Email address obfuscation in effect -- please click here to turn it off.

[Date Prev][Date Next][Thread Prev][Thread Next][Date Index][Thread Index]

On Sun, 8 Dec 2002, Stephen Montgomery-Smith wrote:

> Jonathan King wrote:
> 
> >
> >
> > I doubt that migration to Exchange is anything that MLUG could have
> > influenced given that there was some fairly vocal opposition expressed at
> > the time by some departments and faculty...who in practice do have at
> > least a bit more influence than your average sporadic undergraduate
> > organization.
> 
> Actually I don't think faculty or departments have much
> influence.  Neither do staff it seems.  Had faculty or staff
> been properly involved in the decision, I don't think we would
> have adopted Exchange.

OK, I suspect you're right.  I guess I was having high-minded
thoughts back there a little bit, and those die hard. :-)
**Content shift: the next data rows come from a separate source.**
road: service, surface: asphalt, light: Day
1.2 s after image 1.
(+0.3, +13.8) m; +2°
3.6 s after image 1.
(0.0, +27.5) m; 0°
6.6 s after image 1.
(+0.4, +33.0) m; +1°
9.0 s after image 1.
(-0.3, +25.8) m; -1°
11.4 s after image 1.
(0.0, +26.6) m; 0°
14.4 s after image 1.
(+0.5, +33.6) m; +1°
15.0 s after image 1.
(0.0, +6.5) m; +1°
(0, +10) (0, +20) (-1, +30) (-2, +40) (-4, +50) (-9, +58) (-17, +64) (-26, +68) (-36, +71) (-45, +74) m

> I also think that we would not have adopted PeopleSoft (if you
> speak to secretarial staff on campus, they complain bitterly
> about this new accounting package that has been wholesale forced
> upon the whole university).

PeopleSoft seems to be a disaster, but the pre-existing system was
not anything to brag about, either.  It was a familiar evil, but it
was piece meal and klunky and as far as I could tell you really
couldn't do very much useful with it.  But payroll went off without 
a hitch, so...

I also thought it was very odd that they rolled it out so 
aggressively campus-wide (system-wide?) when there were significant 
questions about how the migration path would go, and some horror 
stories from other campuses that had attempted to switch (Cleveland 
State is one, I think.)

> I am told from speaking to people on the Faculty Council that
> they were not involved with these decisions.
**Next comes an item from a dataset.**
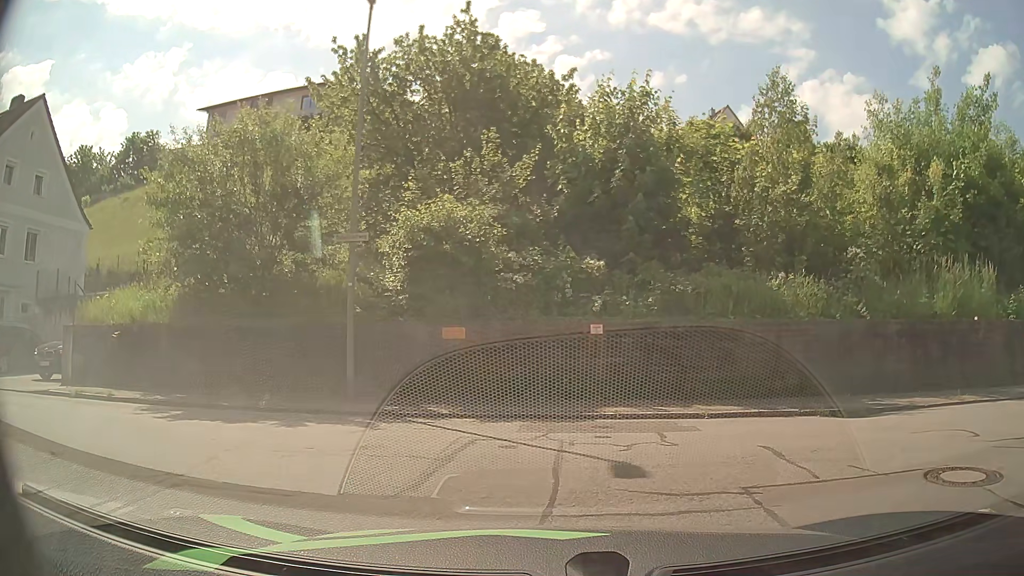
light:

At other universities I've seen Faculty Councils do not have very
much power over decisions like this, but they sometimes *do* have
significant power over hiring and firing of people at the
Provost/Dean/whatever level.  It doesn't look like MU faculty really 
have this.
 
> These decisions all seem to come from the upper adminstration,
> and the way they arrive at their decisions seems mysterious.  
> These are the same people who control the hospital, which
> according to a recent state audit, lost about $12M over 2.5
> years, because they did not file insurance claims in a timely
> manner, or properly preauthorise treatments.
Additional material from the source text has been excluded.